Na intrínseca relação jornalismo-formação de valores, certamente é a notícia (principal produto jornalístico) o elo capaz de revelar esta imbricação. Ao refletir na perspectiva da notícia como uma construção social infere-se que há um conjunto de elementos fundamentais para que um “fato” adquira o status de notícia. Segundo WOLF (2003:190), “[...] a noticiabilidade corresponde ao conjunto de critérios, operações e instrumentos com os quais os órgãos de informação enfrentam a tarefa de escolher, quotidianamente, de entre um número imprevisível e indefinido de factos, uma quantidade finita e tendencialmente estável de notícias”.

A definição de WOLF (2003) sobre a noticiabilidade indica claramente que há um processo de escolha, o qual demonstra que “a necessidade de selecionar, excluir, acentuar diferentes aspectos do acontecimento – processo orientado pelo enquadramento escolhido – são alguns exemplos de como a notícia, dando vida ao acontecimento, constrói o acontecimento e constrói a realidade” (CAREY [3] Apud TRAQUINA, 2001:87). Esse processo complexo, que transforma matéria-prima (os acontecimentos) num produto (as notícias) tem a ver com um conjunto de requisitos que devem necessariamente “fazer sentido” tanto aos órgãos de informação quanto aos profissionais (os jornalistas).

Para compreender a construção da notícia, nos filiamos às teorias construcionistas, que trazem o próprio ethos [4] jornalístico, o lugar onde as notícias são produzidas, como um elemento fundante, e no centro desse ethos, o jornalista se destaca. De acordo com Traquina (2001:86), as teorias construcionistas “reconhecem que as notícias são narrativas, ‘estórias’, marcadas pela cultura dos membros da tribo e pela cultura da sociedade onde estão inseridos”. Wolf (2003:190) compartilha desse ponto de vista e vai além, afirmando que “as notícias são aquilo que os jornalistas definem como tal”.

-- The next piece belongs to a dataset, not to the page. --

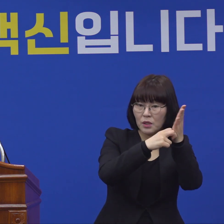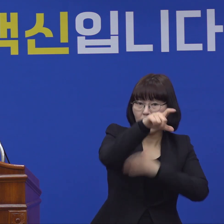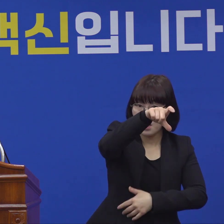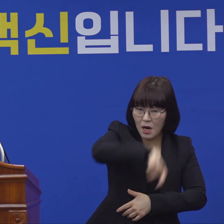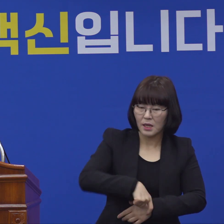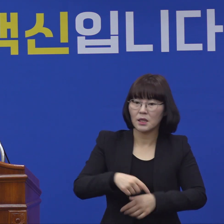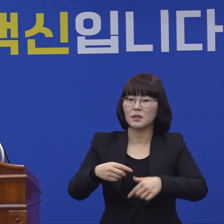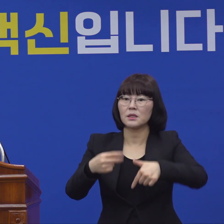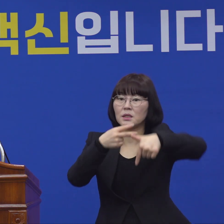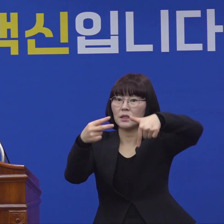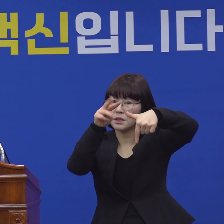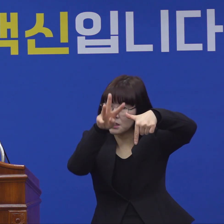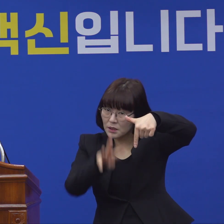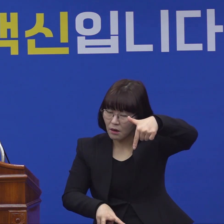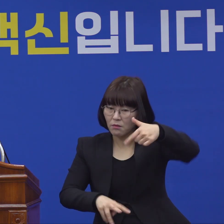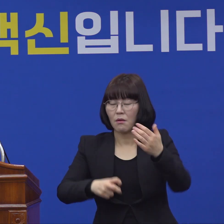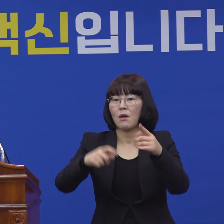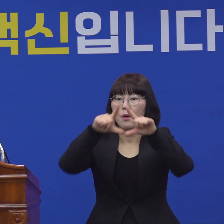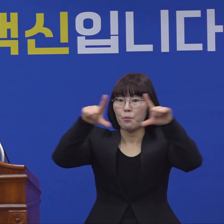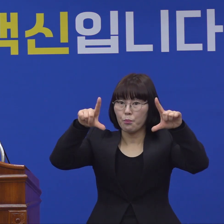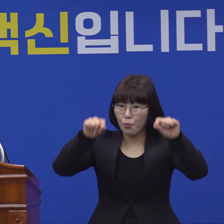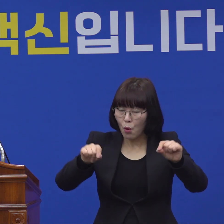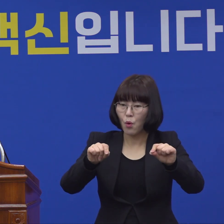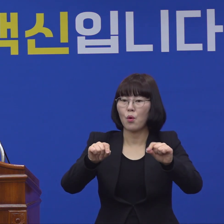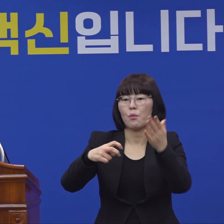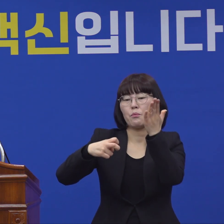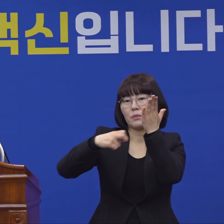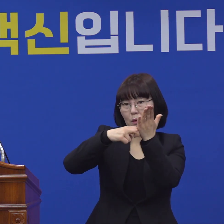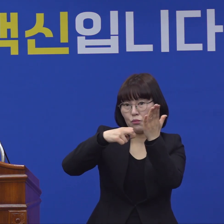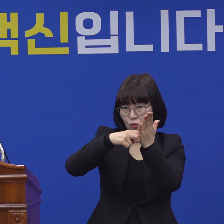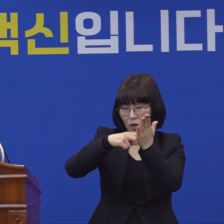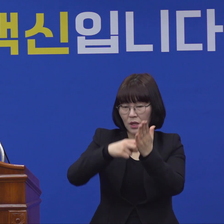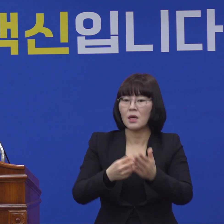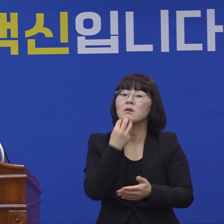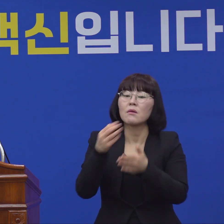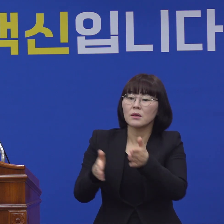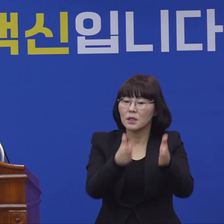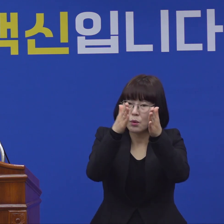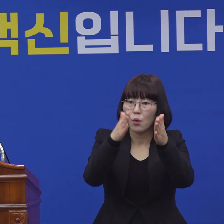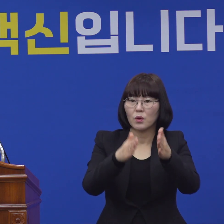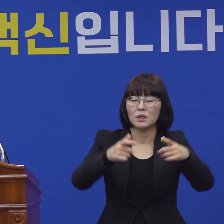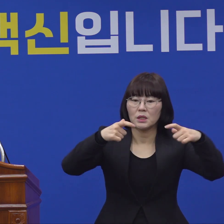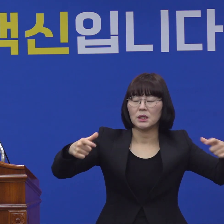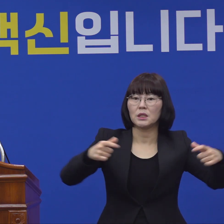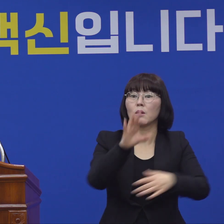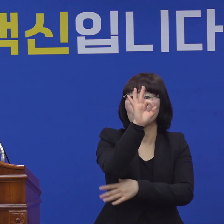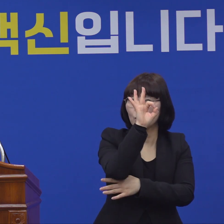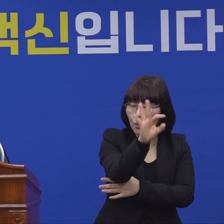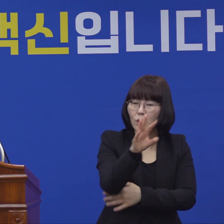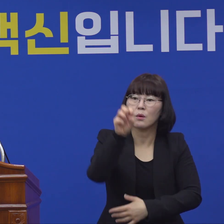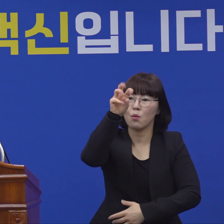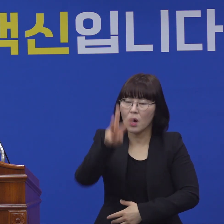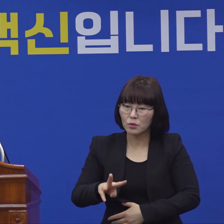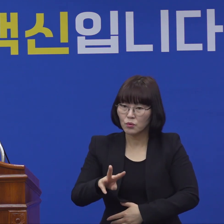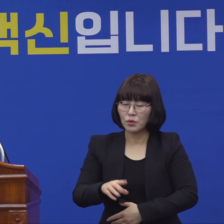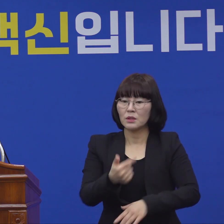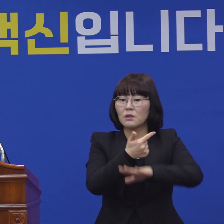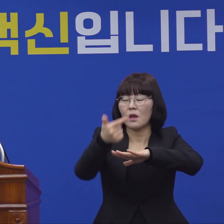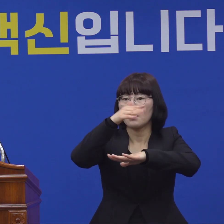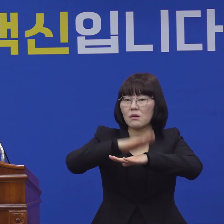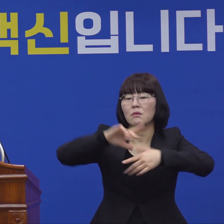인천은 지역화폐 또는 옥놀이 상품권, 경기도는 지역화폐, 광주, 대전, 경남은
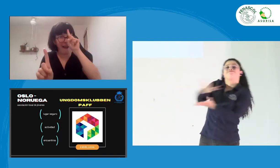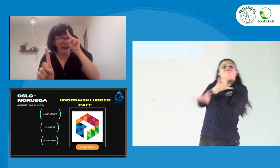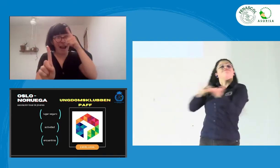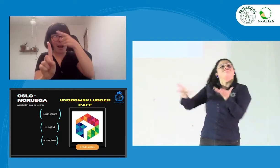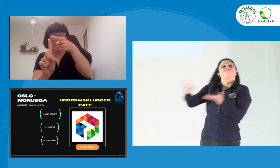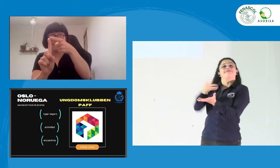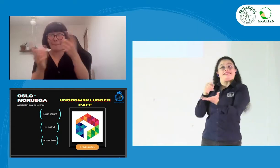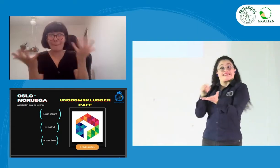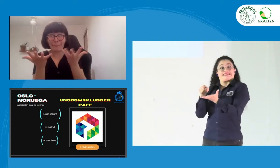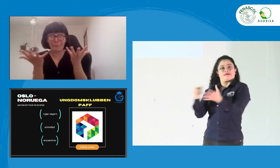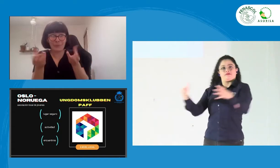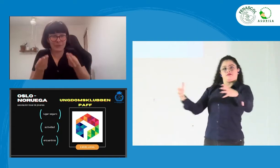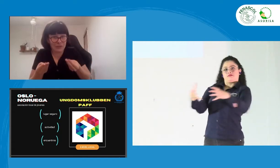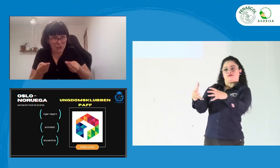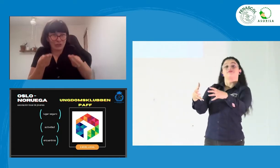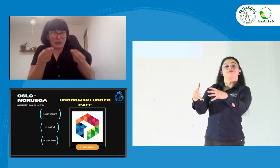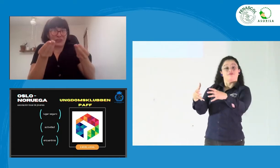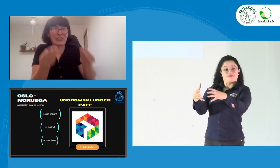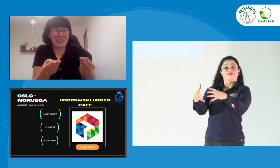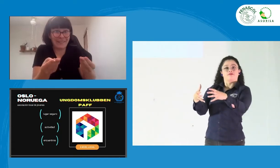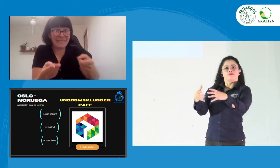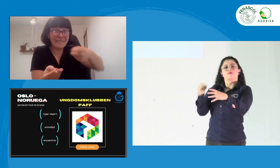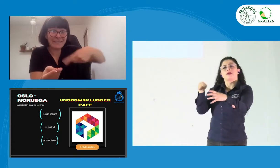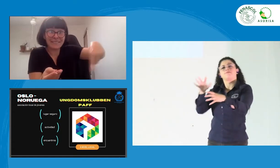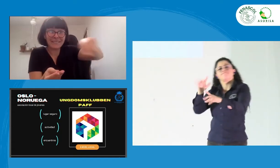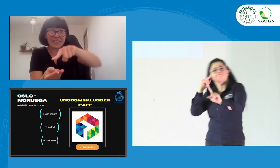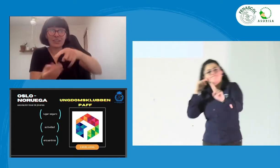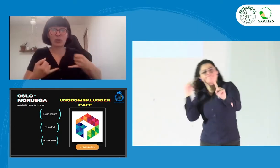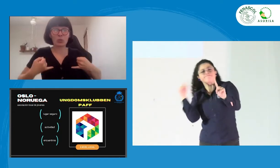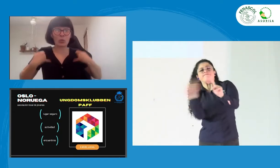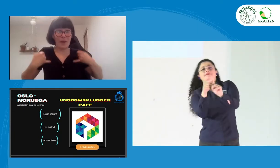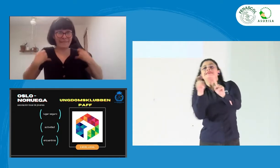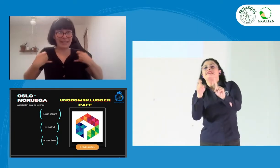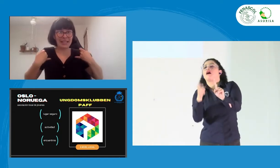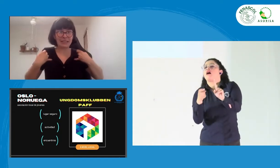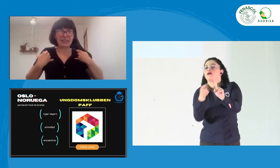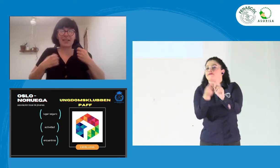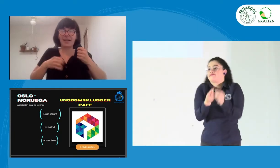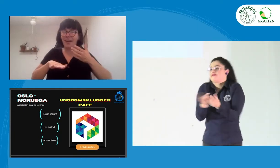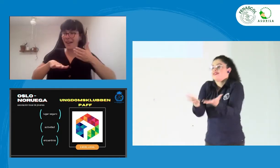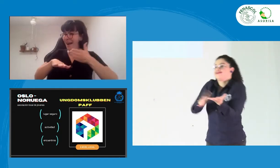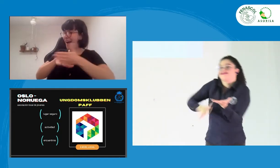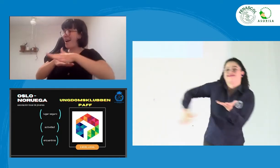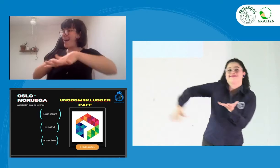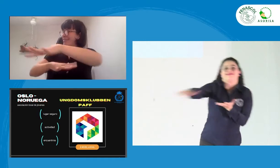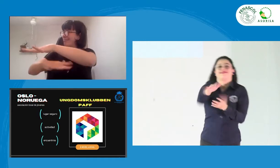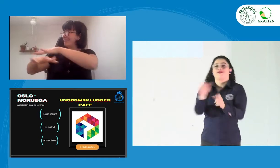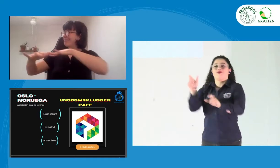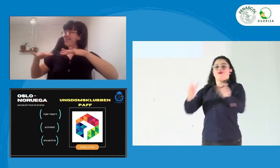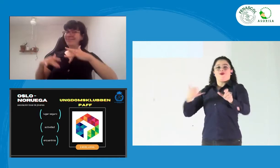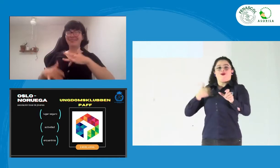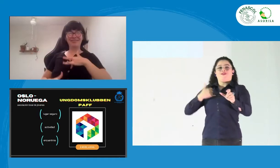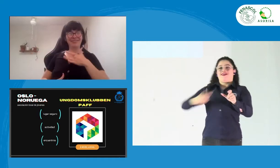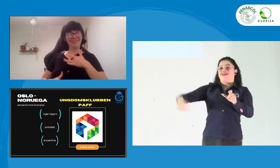de las mismas personas sordas. El objetivo de esta asociación de jóvenes era

Os estudos da teoria da Narrativa põem os acontecimentos em perspectiva, encaixando os significados parciais em explicações e significações mais estáveis. Motta (2004) explica que as narrativas criam significações sociais, são produtos culturais inseridos em certos contextos históricos, conformam as crenças, os valores, as ideologias, a política, a sociedade inteira. A análise da narrativa é um caminho rumo ao significado, porque vê o significado como uma relação social e cultural, reafirmando ou renovando valores, atitudes, formas de dar sentido à realidade.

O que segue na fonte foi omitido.